Since the UK is unrepresented in the EPP group which ‘won’ the EU elections, UK MEPs will have little or no say in their parliament’s decision whether to elect or reject the eventual nominee of the EU governments for Commission President. So much for David Cameron’s decision to pull his party out of the EPP group that will probably have the last word.
Everyone claims to want the new Commission President to be “a reformer”, but there is no consensus in Britain about which specific EU reforms we want. In the name of euphemistically termed “flexible labour laws”, UK Tories want to weaken or abolish EU powers to regulate employees’ work conditions throughout the Union. This essentially means that they resent EU constraints on their ability to make UK workers work longer hours, for lower rates of pay, with fewer rights to maternity and paternity leave and other holidays, and generally in worse conditions than those in more enlightened parts of Europe. This should be one of Cameron’s ‘reforms’ that Labour will never support. Nor should Labour support the Tories’ demand for limits on the free movement of people within the EU, or for abandoning the principle that all EU citizens, in whichever EU country they live, work or visit, have an equal entitlement to local health and other benefits.
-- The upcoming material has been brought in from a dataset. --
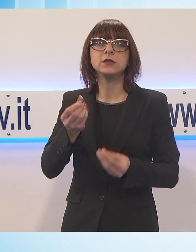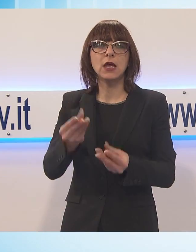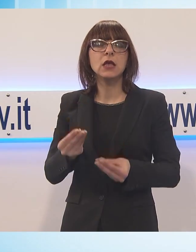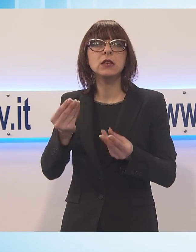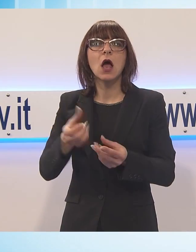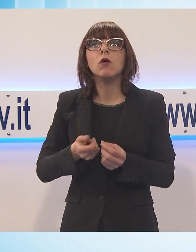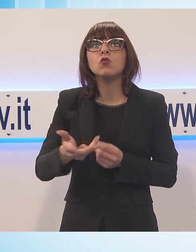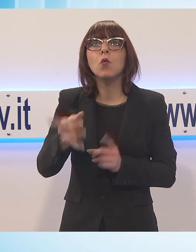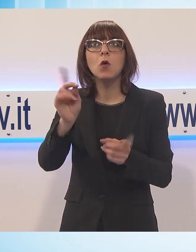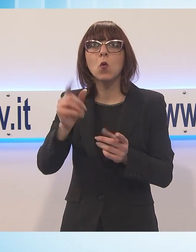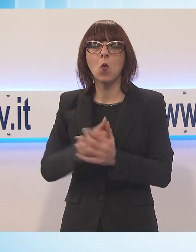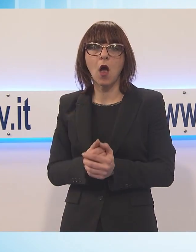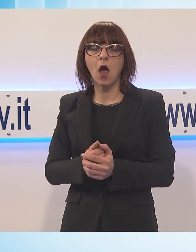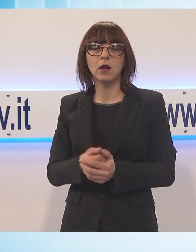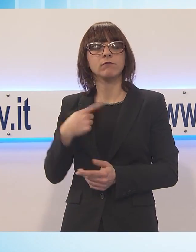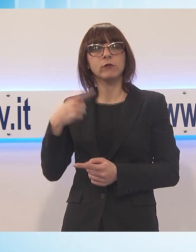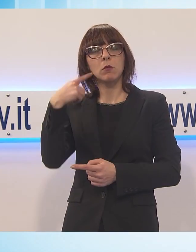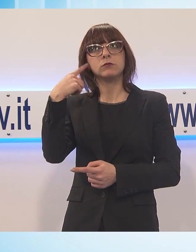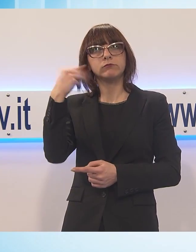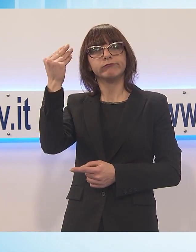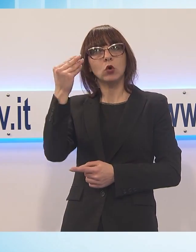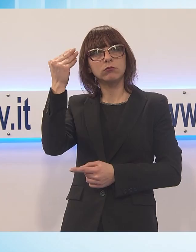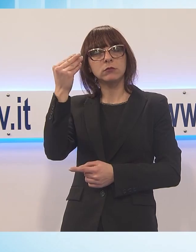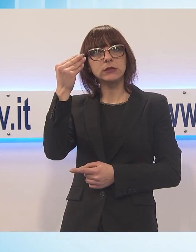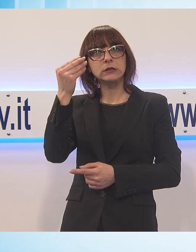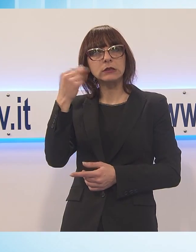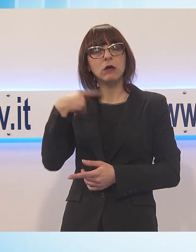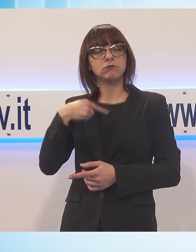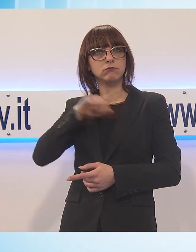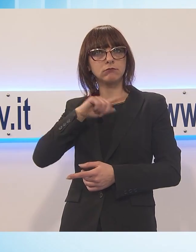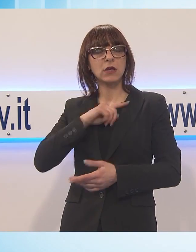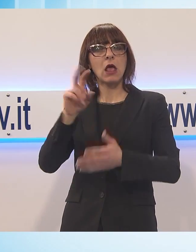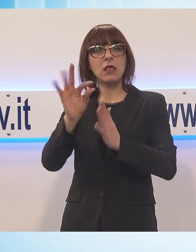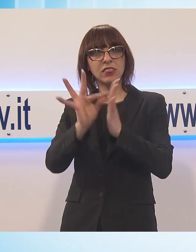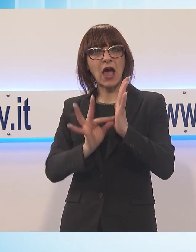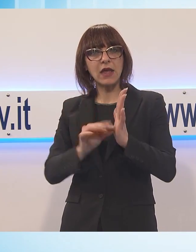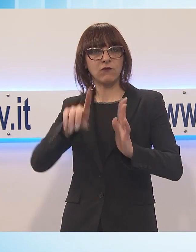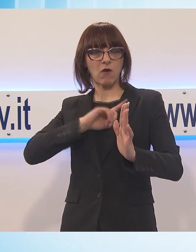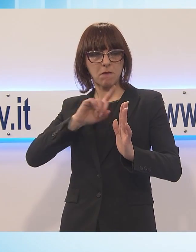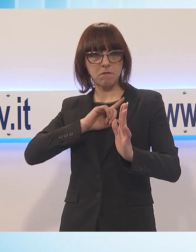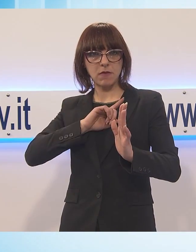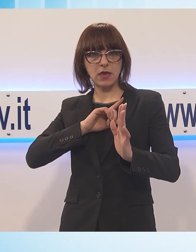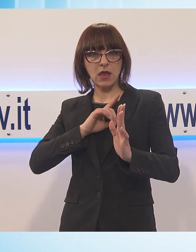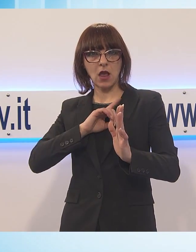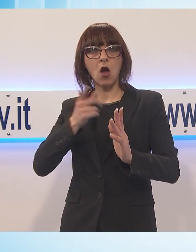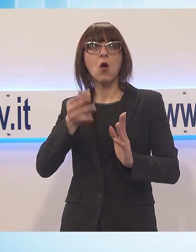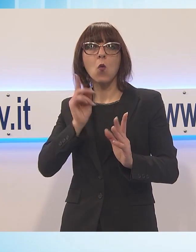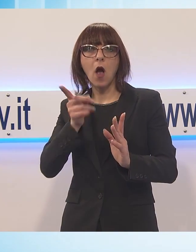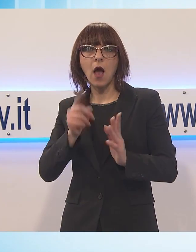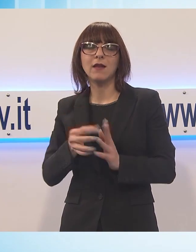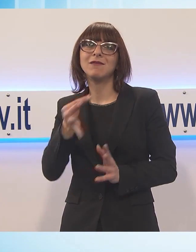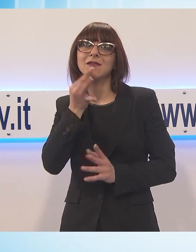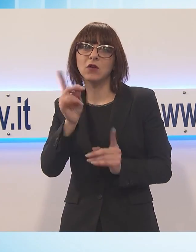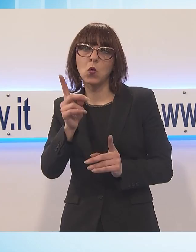'idea di quella che sarà la loro tariffa perché quanto meno sacchetti si consegnano meno si paga
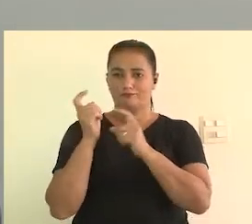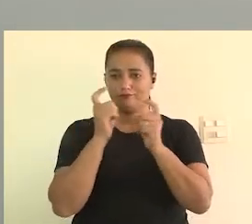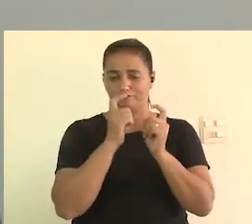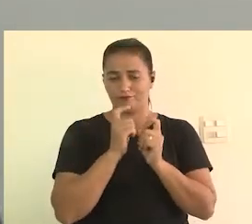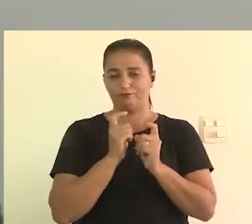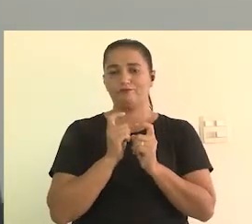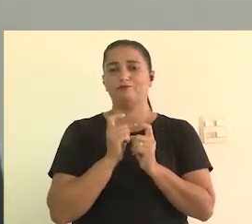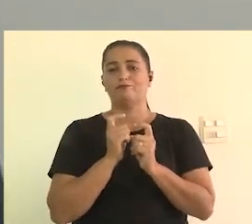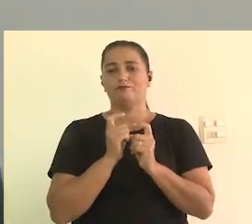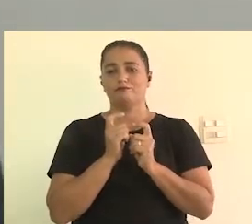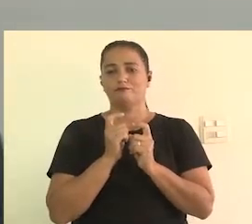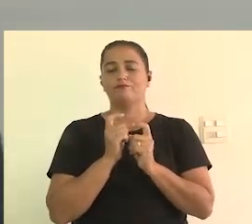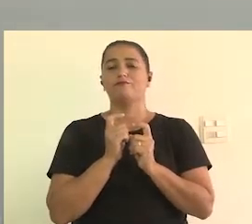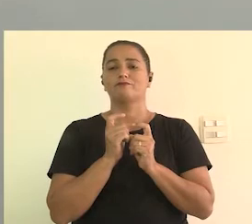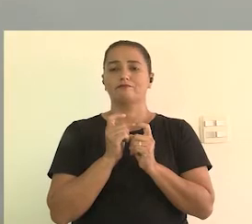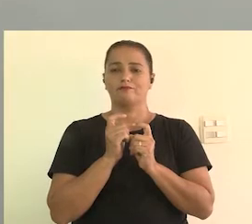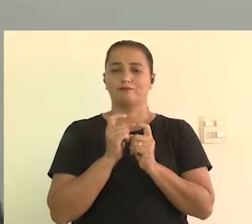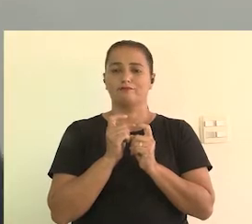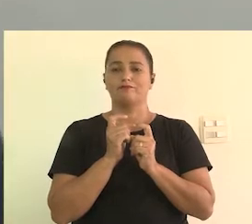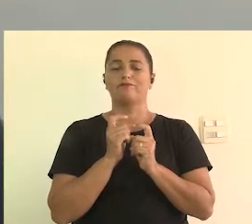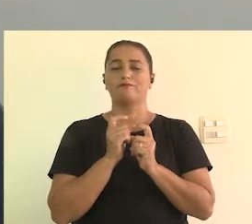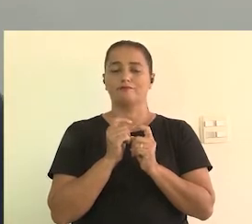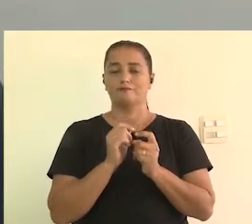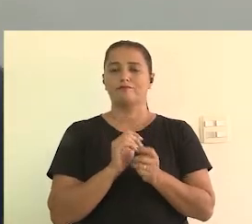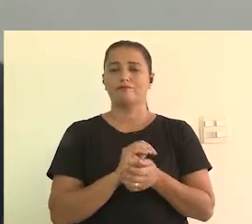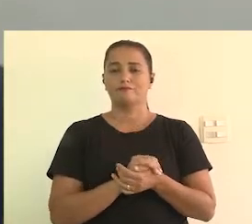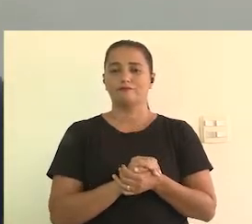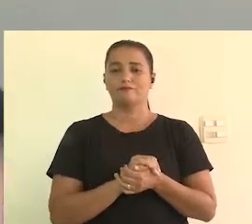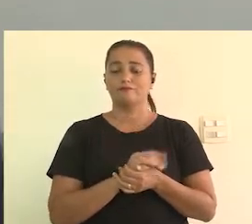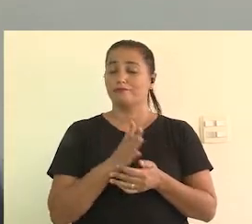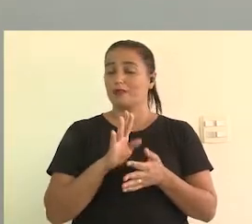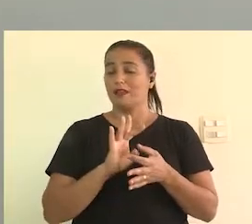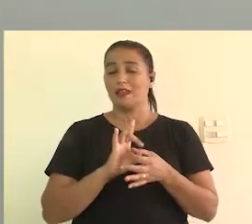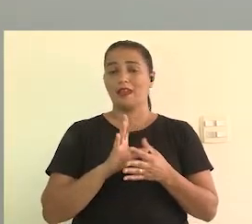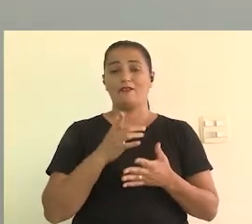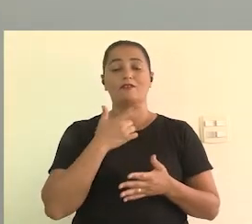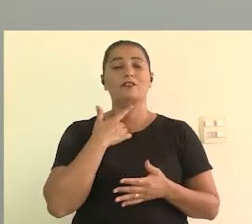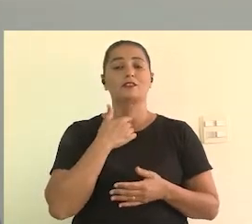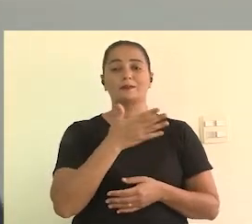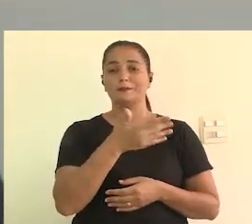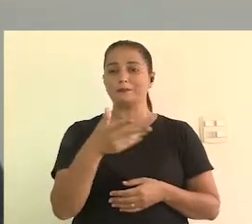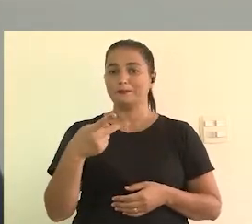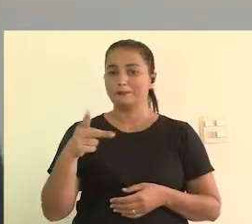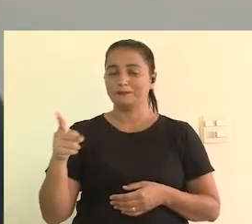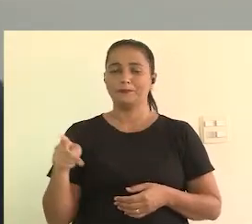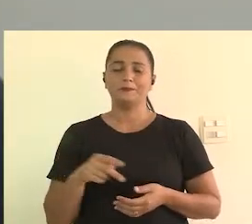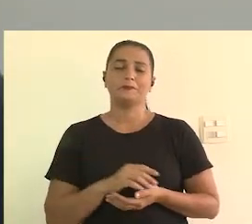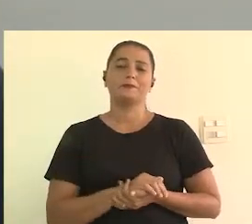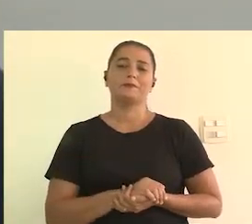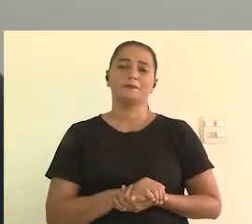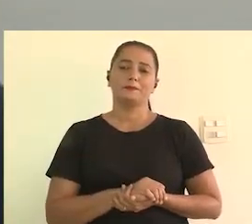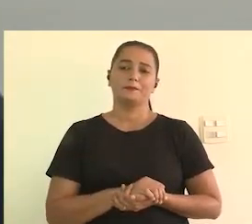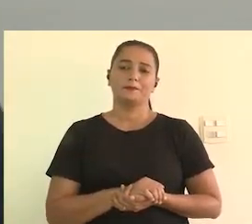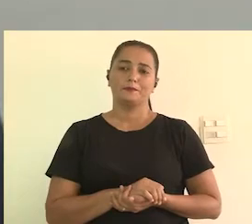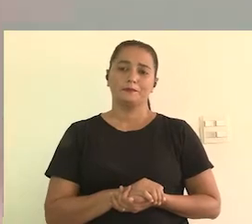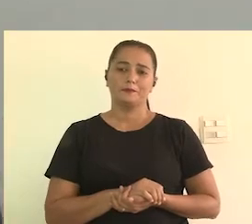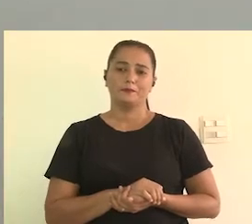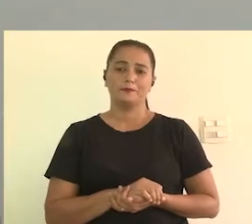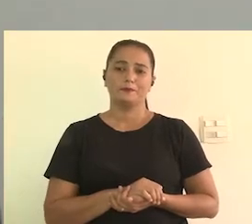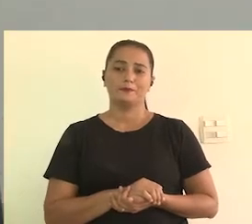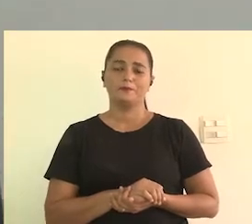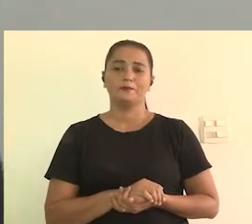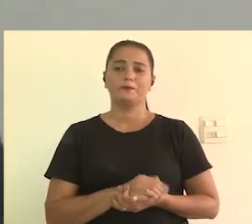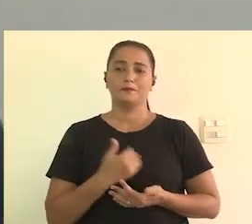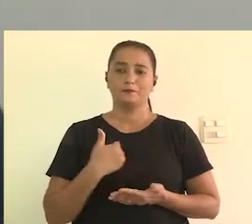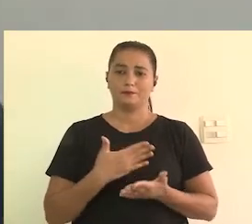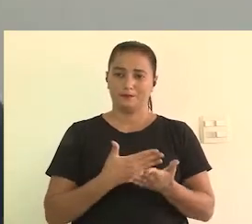bacana, né? a gente debater sobre esse assunto, que eu acho que é muito importante a gente trazer. Então, vocês fiquem

We all favour ‘reform’, but one party’s reforms are another’s erosion of basic EU principles. Labour should never compromise its European credentials in a doomed attempt to appease the Euro-sceptics of the Murdoch press and the wilder reaches of the Conservative back benches.
Our prime minister has embarked on another of his wild gambles. If he pulls it off and our partner governments are blackmailed into dispensing with Mr Juncker’s services, David Cameron’s and other Tories’ triumphalist gloating will be hard to endure. And Britain will incur the odium of widespread opinion throughout the EU for depriving them of their favoured candidate.
If he fails, Britain will have to cope for five years or more with a powerful President of the Commission who’ll bear an entirely understandable grudge against all three of the UK’s political parties for having tried so hard to prevent him from being selected for the job. It’s a lose-lose situation, as usual.